Ce n’est qu’à la fin du régime français, soit vers 1740, qu’on commence à exploiter cette pierre entre Sillery et Cap-Rouge. Il s’agit d’un grès verdâtre qui fait partie de la Nappe de la Chaudière. Ici et là, cette roche contient des cailloux de quartz et des fragments de shale. Sa dureté qui la rend difficile à tailler et sa tendance à se briser en couches minces en surface expliquent qu’on ne l’a pas utilisé beaucoup jusque-là malgré sa proximité de la ville. Chaussegros de Léry l’emploie pour ériger une partie des fortifications de la ville de Québec. Les Anglais vont l’utiliser abondamment pour construire leurs ouvrages militaires. Il est encore possible de voir des vestiges d’exploitation le long du boulevard Champlain et cette pierre est mise en évidence le long des sentiers près de l’Aquarium de Québec.

 

Les pierres des basses terres du Saint-Laurent

Le calcaire de Beauport

Ce calcaire à grain fin, bleu brunâtre foncé, est de meilleure qualité et de taille plus facile. Il fait partie de la Formation de Neuville des basses terres du Saint-Laurent. Il a été surtout utilisé au 17ième siècle et au début du 18ième pour la construction des parements extérieurs, comme pierre de taille et pour faire de la chaux.

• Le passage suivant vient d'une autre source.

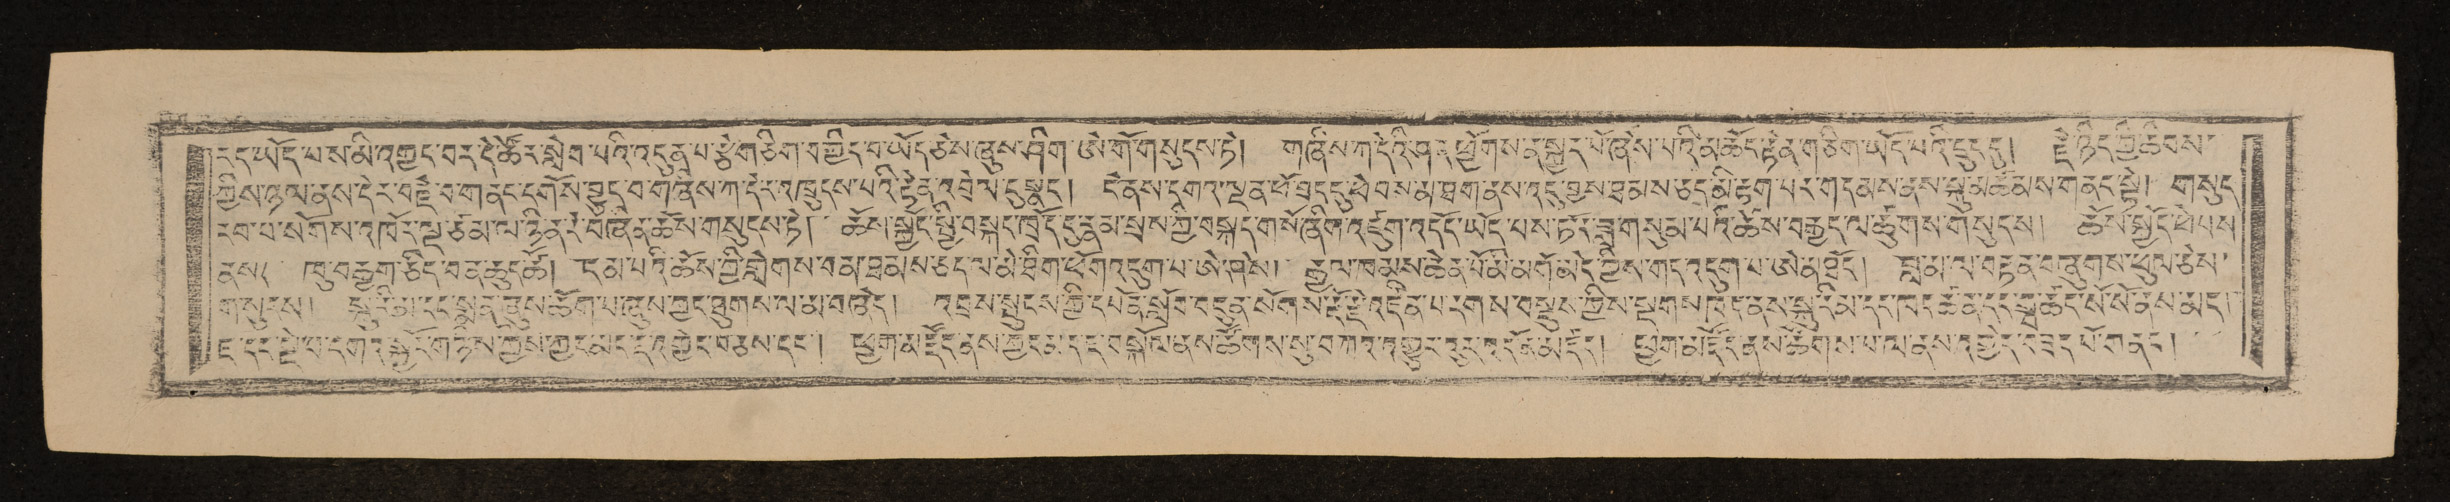རང་ཡོད་པས་མི་འགྱང་བར་དེ་ཚོར་སླེབ་པའི་འདུན་པ་རྩེ་གཅིག་བགྱིད་པ་ཡོད་ཅེས་ཞུས་ཤིག་ཨེ་གོ་གསུངས་ཏེ། གཞིས་ཀ་དེའི་ཤར་ཕྱོགས་ན་སྐྱར་པོ་ཞེས་པའི་མཆོད་རྟེན་གཅིག་ཡོད་པའི་དྲུང་དུ། རྗེ་ཉིད་ཀྱི་ཆིབས་
ཀྱི་ས་ཉལ་ནས་དེར་བརྗེ་བ་གནང་དགོས་བྱུང་བ་གཞིས་ཀ་དེར་འཁྲུངས་པའི་རྟེན་འབྲེལ་དུ་སྣང་། དེ་ནས་དགའ་ལྡན་ཕོ་བྲང་དུ་ཕེབས་མ་ཐག་ནས་འདུ་བྱས་ཐམས་ཅད་མི་རྟག་པར་གདམས་ནས་སྐུ་མཚམས་གནང་སྟེ། གསུང་
རབ་པ་སོགས་འཁོར་ལྔ་ཙམ་ལ་ཉིན་རེ་བཞིན་ཆོས་གསུངས་ཏེ། ཆོས་སྐྱོང་སྤྱི་བསྐང་ཁྲོད་དུ་རྣམ་སྲས་ཀྱི་བསྐང་གསོ་ཞིག་འཛུག་འདོད་ཡོད་པས་ཧོར་ཟླ་གསུམ་པའི་ཚེས་བརྒྱད་ལ་ཚུགས་གསུངས། ཆོས་སྐྱོང་ཕེབས་
ནས༑ ཁུ་བརྒྱག་ཅིང་བན་ཆུང་ཚོ། དམ་པའི་ཆོས་ཀྱི་གླེགས་བམ་ཐམས་ཅད་ལ་མེ་ཐིག་ཕོག་འདུག་པ་ཨེ་ཤེས། རྒྱལ་ཁམས་ཆེན་པོ་མི་མགོ་མེད་ཀྱིས་གང་འདུག་པ་ཨེ་མཐོང་། བླ་མ་ལ་བརྟན་བཞུགས་ཕུལ་ཅེས་
གསུངས། སྐུ་རིམ་དང་སྨན་ཞུས་ཆོག་པ་ཞུས་ཀྱང་ཐུགས་ལ་མ་བཞེད། འབྲས་སྤུངས་ཀྱི་དཔོན་སློབ་བདུན་སོགས་རྡོ་རྗེ་འཛིན་པ་རགས་བསྡུས་ཀྱིས་སྔགས་ཁང་ནས་སྐུ་རིམ་དང་ཁང་ཚན་དང་གྲྭ་ཚང་སོ་སོ་ནས་མང་
ཇ་དང་སྡེ་པ་དགའ་སྐྱོར་གཉིས་ཀྱིས་ཀྱང་མང་ཇ་འགྱེད་བཅས་དང་། ཕྱག་མཛོད་ནས་ཀྱང་མང་ཇ་བསྐོལ་ནས་ཚོགས་སུ་བཀའ་འགྱུར་འུར་འདོན་མཛད། ཕྱག་མཛོད་ནས་ཚོགས་པ་ལ་ནས་འགྱེད་བཟང་པོ་གནང་།

Les carrières exploitées se situaient surtout en bordure de la rivière Beauport, à Beauport. C'était alors très loin du centre-ville. À cette époque, le chemin du Roy reliait Beauport à Québec. Cependant, il était beaucoup plus économique de transporter le calcaire par barge.Sous le régime français, on a abondamment recours à ce calcaire pour ériger les fortifications de Québec. Jusqu’à tout récemment, la carrière de Beauport qui alimentait la cimenterie Saint-Laurent à proximité exploitait le même type de calcaire.

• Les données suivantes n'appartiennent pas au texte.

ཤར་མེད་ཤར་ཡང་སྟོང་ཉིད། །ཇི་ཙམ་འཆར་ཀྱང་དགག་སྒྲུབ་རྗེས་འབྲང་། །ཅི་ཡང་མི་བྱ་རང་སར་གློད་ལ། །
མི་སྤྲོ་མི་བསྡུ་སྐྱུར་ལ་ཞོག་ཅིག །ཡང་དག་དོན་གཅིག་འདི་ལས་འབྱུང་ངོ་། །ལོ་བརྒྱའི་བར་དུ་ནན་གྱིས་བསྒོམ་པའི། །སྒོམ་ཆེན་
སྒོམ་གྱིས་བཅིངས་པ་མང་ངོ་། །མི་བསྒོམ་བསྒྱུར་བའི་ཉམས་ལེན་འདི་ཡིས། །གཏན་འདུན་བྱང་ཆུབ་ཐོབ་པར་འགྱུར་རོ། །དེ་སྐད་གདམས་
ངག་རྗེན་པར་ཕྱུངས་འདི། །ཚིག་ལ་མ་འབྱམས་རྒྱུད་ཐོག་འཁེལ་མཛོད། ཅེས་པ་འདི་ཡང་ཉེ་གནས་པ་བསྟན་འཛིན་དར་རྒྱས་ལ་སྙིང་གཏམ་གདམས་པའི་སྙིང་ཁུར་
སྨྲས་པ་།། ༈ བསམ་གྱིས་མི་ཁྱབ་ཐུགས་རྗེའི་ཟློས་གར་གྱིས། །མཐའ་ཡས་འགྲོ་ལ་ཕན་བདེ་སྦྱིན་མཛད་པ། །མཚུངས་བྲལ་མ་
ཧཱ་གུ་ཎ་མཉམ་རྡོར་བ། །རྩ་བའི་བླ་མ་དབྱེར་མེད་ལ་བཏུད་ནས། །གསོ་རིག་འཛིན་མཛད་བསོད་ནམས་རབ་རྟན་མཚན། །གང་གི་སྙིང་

Calcaire de Deschambault à la pointe aux Trembles à Neuville.

La première mention d'utilisation du calcaire de la Formation de Deschambault des basses terres du Saint-Laurent comme pierre de taille remonte à 1714. C'est le calcaire de la meilleure qualité que l'on puisse retrouver dans la région de Québec. Il est généralement très fossilifère et massif et il se présente en lits d'épaisseur uniforme, gris pâle, qui se prêtent facilement à la taille. Ce sont d’abord généralement les mieux nantis qui se servent de cette pierre de qualité dans la construction de leur maison. Dans plusieurs édifices, seuls les cadres de portes et de fenêtres ou les cloisons portantes sont fabriqués de cette pierre. Le calcaire de Neuville sera graduellement délaissé pour faire place à ce calcaire de meilleure qualité qu’on a d’abord extrait à la pointe aux Trembles à Neuville. De nos jours, cette même formation calcaire est exploitée à Saint-Marc-des-Carrières et ce, depuis 135 ans.

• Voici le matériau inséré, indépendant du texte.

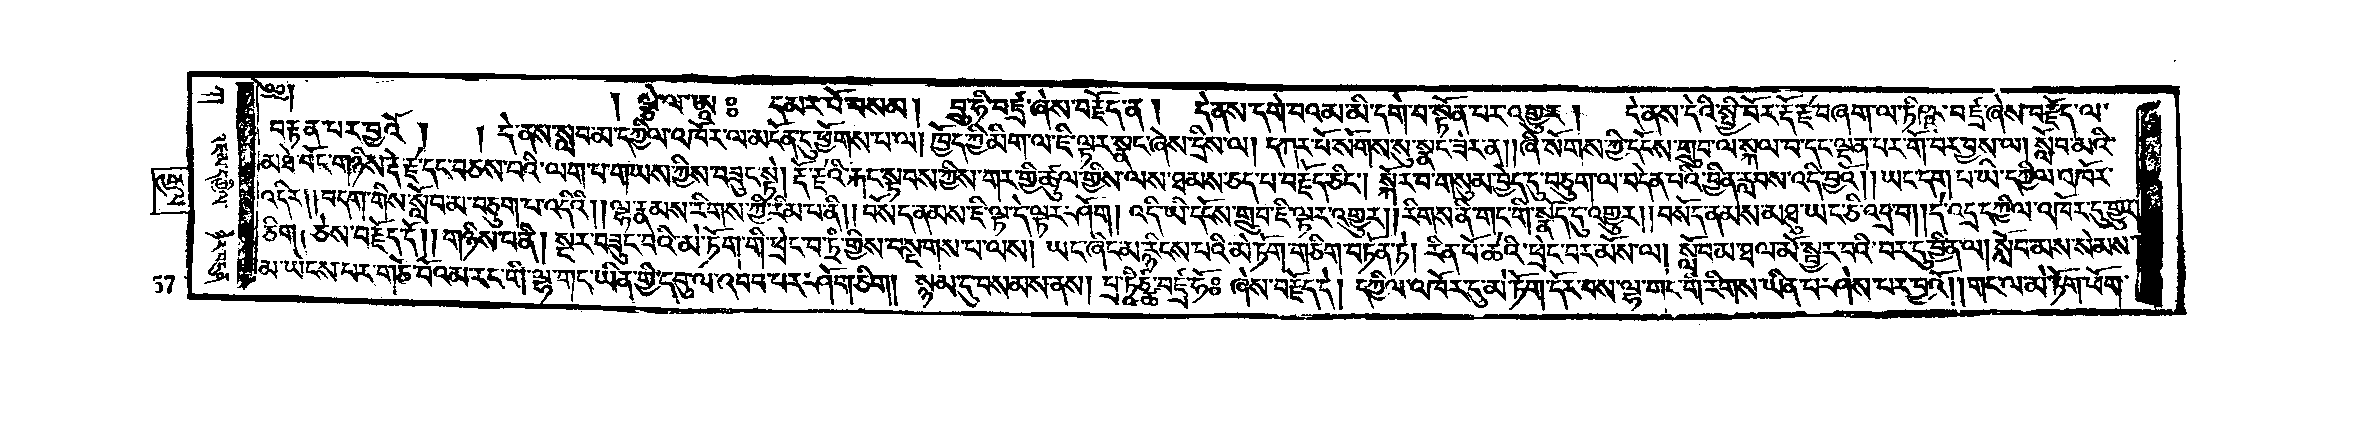༄༅། །ལྕེ་ལ་ཨཱཿ དམར་པོ་བསམ། བྲུ་ཧི་བྫྲ་ཞེས་བརྗོད་ན། དེ་ནས་དགེ་བའམ་མི་དགེ་བ་སྟོན་པར་འགྱུར། དེ་ནས་དེའི་སྤྱི་བོར་རྡོ་རྗེ་བཞག་ལ་ཏིཥྵ?་བྫྲ་ཞེས་བརྗོད་ལ་
བརྟན་པར་བྱའོ། །དེ་ནས་སློབ་མ་དཀྱིལ་འཁོར་ལ་མངོན་དུ་ཕྱོགས་པ་ལ། ཁྱོད་ཀྱི་མིག་ལ་ཇི་ལྟར་སྣང་ཞེས་དྲིས་ལ། དཀར་པོ་སོགས་སུ་སྣང་ཟེར་ན། །ཞི་སོགས་ཀྱི་དངོས་གྲུབ་ལ་སྐལ་བ་དང་ལྡན་པར་གོ་བར་བྱས་ལ། སློབ་མའི་
མཐེ་བོང་གཉིས་རྡོ་རྗེ་དང་བཅས་པའི་ལག་པ་གཡས་ཀྱིས་བཟུང་སྟེ། རྡོ་རྗེའི་རྐང་སྟོབས?་ཀྱིས་གར་གྱི་ཚུལ་གྱིས་ལས་ཐམས་ཅད་པ་བརྗོད་ཅིང་། སྐོར་བ་གསུམ་བྱེད་དུ་བཅུག་ལ་བདེན་པའི་བྱིན་རླབས་འདི་བྱའོ། །ཡང་དག་པ་ཡི་དཀྱིལ་འཁོར་
འདིར། །བདག་གིས་སློབ་མ་བཅུག་པ་འདིའི། །ལྷ་རྣམས་རིགས་ཀྱི་རིམ་པ་ནི། །བསོད་ནམས་ཇི་ལྟ་དེ་ལྟར་ཤོག །འདི་ཡི་དངོས་གྲུབ་ཇི་ལྟར་འགྱུར། །རིགས་ནི་གང་གི་སྣོད་དུ་འགྱུར། །བསོད་ནམས་མཐུ་ཡང་ཅི་འདྲ་བ། །དེ་འདྲ་དཀྱིལ་འཁོར་དུ་གྱུར་
ཅིག །ཅེས་བརྗོད་དོ། །གཉིས་པ་ནི། སྔར་བཟུང་བའི་མེ་ཏོག་གི་ཕྲེང་བ་ཏྲཾ་གྱིས་བསྔགས་པ་ལས། ཡང་ཞིང་མ་རྙིངས་པའི་མེ་ཏོག་གཅིག་བཏོན་ཏེ། རིན་པོ་ཆེའི་ཕྲེང་བར་མོས་ལ། སློབ་མ་ཐལ་མོ་སྦྱར་བའི་བར་དུ་བྱིན་ལ། སློབ་མས་སེམས་
མ་ཡེངས་པར་གཙོ་བོའམ་རང་གི་ལྷ་གང་ཡིན་གྱི་དབུ་ལ་འབབ་པར་ཤོག་ཅིག །སྙམ་དུ་བསམས་ནས། པྲ་ཏཱི་ཙྪ་བྫྲ་ཧོཿ ཞེས་བརྗོད་དེ། དཀྱིལ་འཁོར་དུ་མེ་ཏོག་དོར་བས་ལྷ་གང་གི་རིགས་ཡིན་པ་ཤེས་པར་བྱའོ། །གང་ལ་མེ་ཏོག་ཕོག་

Le grès de l'Ange-Gardien sur la Côte-de-Beaupré

L'ingénieur Chaussegros de Léry utilisa abondamment ce grès jaunâtre dans la construction d'ouvrages militaires. À partir du deuxième quart du 18ième siècle, il est employé en parement extérieur des édifices et, plus particulièrement, sur les faces exposées des murs, des clôtures et de quais. On s’en sert également dans la construction des foyers, des cheminées, des murs coupe-feu et pour le pavage des rues de Québec. On n'a pas retracé le site où était exploité ce grès mais on croit que c’était près du village de l’Ange-Gardien, dans l’escarpement et en bordure du fleuve.

 

Les pierres du Bouclier canadien

Acec le développement du système ferroviaire, les pierres utilisées deviendront de plus en plus diversifiées. Les variétés de granites de Rivière-à-Pierre seront des pierres fort prisées pour les pavés, les monuments.

 

Les pierres d’ailleurs

Les édifices récents, quant à eux, réflètent notre ouverture sur le monde : granite de la Finlande, du Brésil, anorthosite du lac Saint-Jean, de la Côte Nord, etc. On recherche un effet et on emploie une pierre qui nous donnera cet effet, peu importe sa provenance.